Якорь — символ христианской надежды: это один из наиболее распространенных древнехристианских символов. Указание на него находим прежде всего в Послании к Евреям, где апостол уподобляет христианскую надежду безопасному и крепкому якорю (Евр., VI, 18—19), а потом у Климента Александрийского, рекомендовавшего, как мы видели, христианам изображать этот символ на своих перстнях. Почему якорю усвоено в христианстве такое значение, понятно само собою: стоит лишь вспомнить об его естественном назначении во время бури. Иногда якорь на памятниках помещается рядом с другими христианскими символами, например с голубем. Голубь — символ Святого Духа, такое значение усвоено ему в евангельском рассказе о Крещении Иисуса Христа, поэтому и в катакомб-ном изображении Крещения Иисуса Христа (катакомбы Люцины) Дух Святой является в виде голубя. Иногда голубь служит символом невинной христианской души, как это видно из находящихся при нем надписей: anima innocens, anima simplex. Если голубь изображен с веткою в клюве, то он служит символом мира, подобно голубю Ноя, как это подтверждается Тертуллианом; голубь с виноградною кистию может означать христианскую душу, вкушающую от небесных благ. Изредка голубь означает апостола: таковы были 12 голубей, изображенных в церкви Св. Феликса, построенной Павлином Ноланским. Символ этот удержан в православной церкви доселе, он нашел себе место и в символике русских сектантов.

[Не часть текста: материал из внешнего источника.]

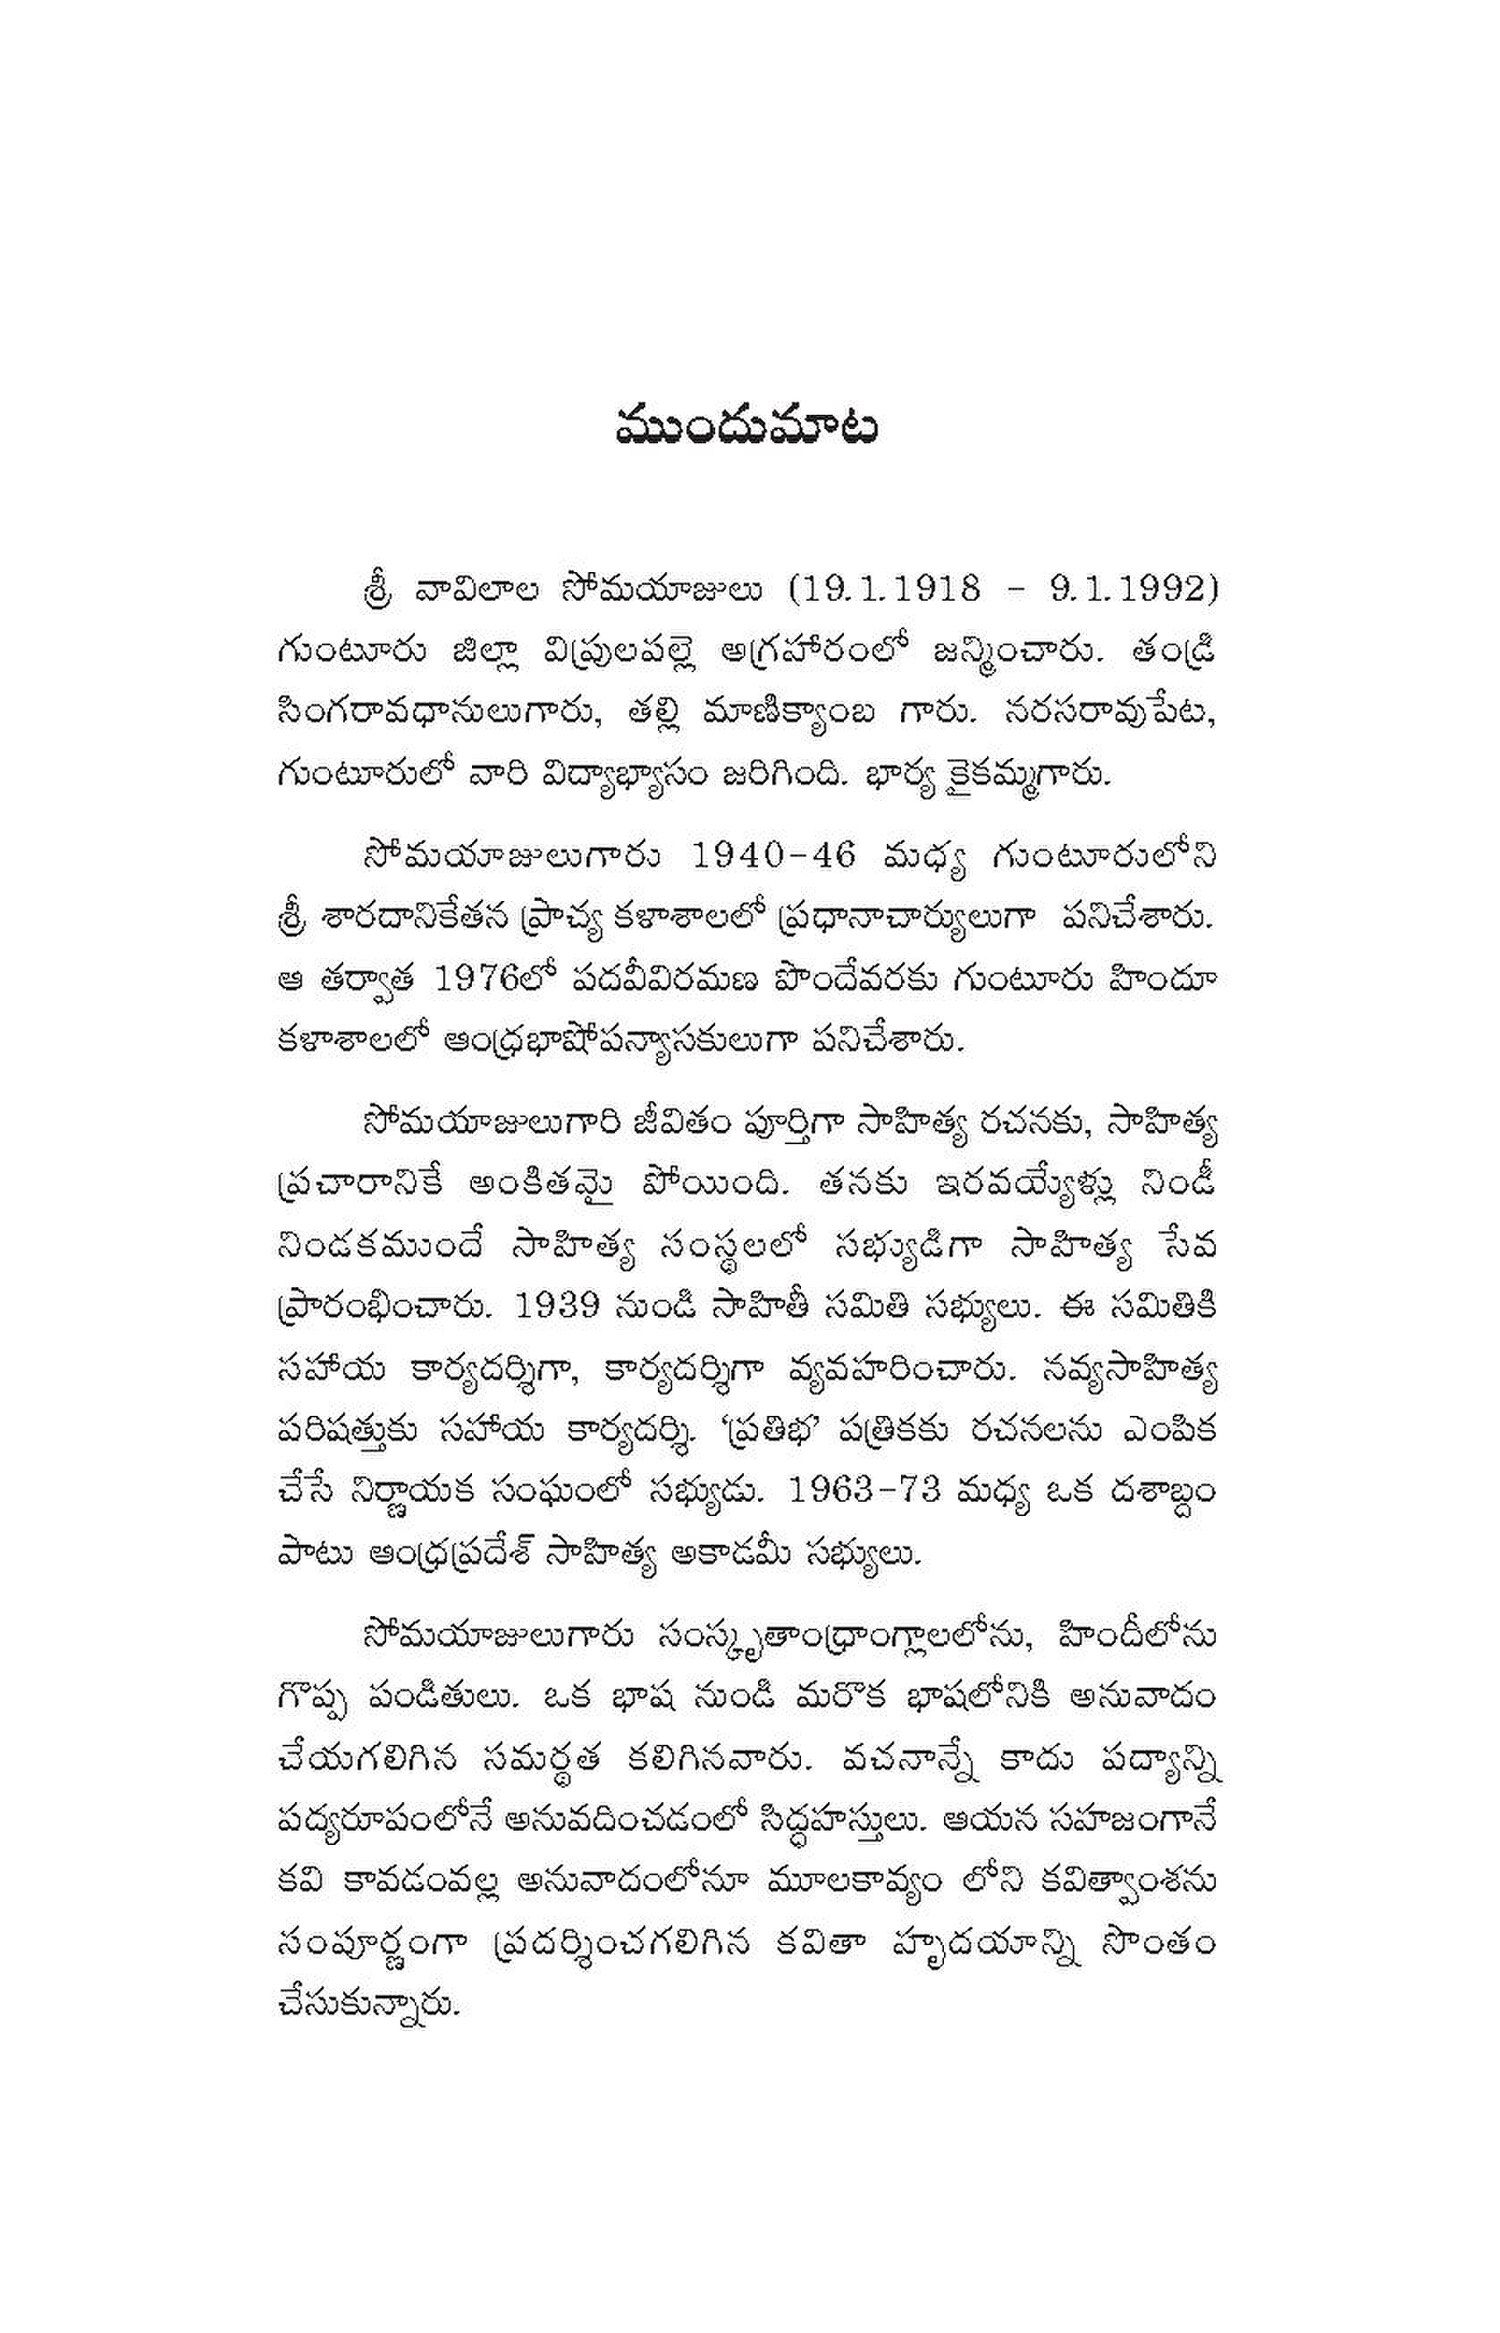శ్రీ వావిలాల సోమయాజులు (19.1.1918 - 9.1.1992) గుంటూరు జిల్లా విప్రులవల్లె అగ్రహారంలో జన్మించారు. తండ్రి సింగరావధానులుగారు, తల్లి మాణిక్యాంబ గారు. నరసరావుపేట, గుంటూరులో వారి విద్యాభ్యాసం జరిగింది. భార్య కైకమ్మగారు.

సోమయాజులుగారు 1940-46 మధ్య గుంటూరులోని శ్రీ శారదానికేతన ప్రాచ్య కళాశాలలో ప్రధానాచార్యులుగా పనిచేశారు. ఆ తర్వాత 1976లో పదవీవిరమణ పొందేవరకు గుంటూరు హిందూ కళాశాలలో అంధ్రభాషోపన్యాసకులుగా పనిచేశారు.

సోమయాజులుగారి జీవితం పూర్తిగా సాహిత్య రచనకు, సాహిత్య ప్రచారానికే అంకితమై పోయింది. తనకు ఇరవయ్యేళ్లు నిండీ నిండకముందే సాహిత్య నంస్థలలో సభ్యుడిగా సాహిత్య సేవ ప్రారంభించారు. 1939 నుండి సాహితీ సమితి సభ్యులు. ఈ సమితికి సహాయ కార్యదర్శిగా, కార్యదర్శిగా వ్యవహరించారు. నవ్యసాహిత్య పరిషత్తుకు సహాయ కార్యదర్శి. “ప్రతిభా పత్రికకు రచనలను ఎంపిక చేసే నిర్జాయక సంఘంలో సభ్యుడు. 1963-78 మధ్య ఒక దశాబ్దం పాటు ఆంధ్రప్రదేశ్‌ సాహిత్య అకాడమీ సభ్యులు.

సోమయాజులుగారు సంస్కృతాంధ్రాంగ్లాలలోను, హిందీలోను గొప్ప పండితులు. ఒక భాష నుండి మరొక భాషలోనికి అనువాదం చేయగలిగిన సమర్థత కలిగినవారు. వచనాన్నే కాదు పద్యాన్ని పద్యరూపంలోనే అనువదించడంలో సిద్ధహస్తులు. ఆయన సహజంగానే కవి కావడంవల్ల అనువాదంలోనూ మూలకావ్యం లోని కవిత్వాంశను నంపూర్ణంగా ప్రదర్శించగలిగిన కవితా హృదయాన్ని సొంతం చేసుకున్నారు.

Реже встречается в древнехристианской символике другая птица — феникс, он найден был во фресках катакомб миланских, в мозаиках римских церквей Свв. Косьмы и Дамиана и Св. Пракседы и некоторых памятниках скульптуры. Иногда он держит в клюве ветку, иногда голова его украшена сиянием. В христианстве феникс служил символом Воскресения. Основание этого заключается в древнем воззрении на эту птицу, выраженном в легендарных сказаниях дохристианской древности и средневековья. Легенда о фениксе известна была древним египтянам, о ней знали Геродот и Тацит, она находится в так называемой "Книге Мертвых". Из древнехристианских писателей о ней говорят Климент Римский в Первом Послании к Коринфянам, Тертуллиан, Ориген, составитель "Постановлений Апостольских" (книга V, глава 7), Кирилл Иерусалимский; обычно повторяется рассказ этот в так называемых физиологах. "В восточных странах около Аравии, — приводим слова Климента Римского, — совершается необыкновенное знамение. Там есть птица, называемая фениксом. Будучи единственною в своем роде, она живет 500 лет. Когда приближается время ее смерти, она устраивает себе гнездо из Ливана, мирры и других благовонных растений; входит в это гнездо и умирает. Но из ее истлевшей плоти рождается червь, который питается влагою умершей и покрывается перьями. И вот, возмужав, он берет гнездо, где покоятся кости его умершего предка; с этою ношею он летит из страны аравийской в Египет, в город, называемый Илиополем; и когда достигает этого места, то в виду всех полагает эти останки на жертвенник солнца и затем возвращается туда, откуда прилетел. Жрецы рассматривают летописи и узнают, что птица прилетела через 500 лет". В язычестве феникс был символом вечности, в христианстве стал символом бессмертия.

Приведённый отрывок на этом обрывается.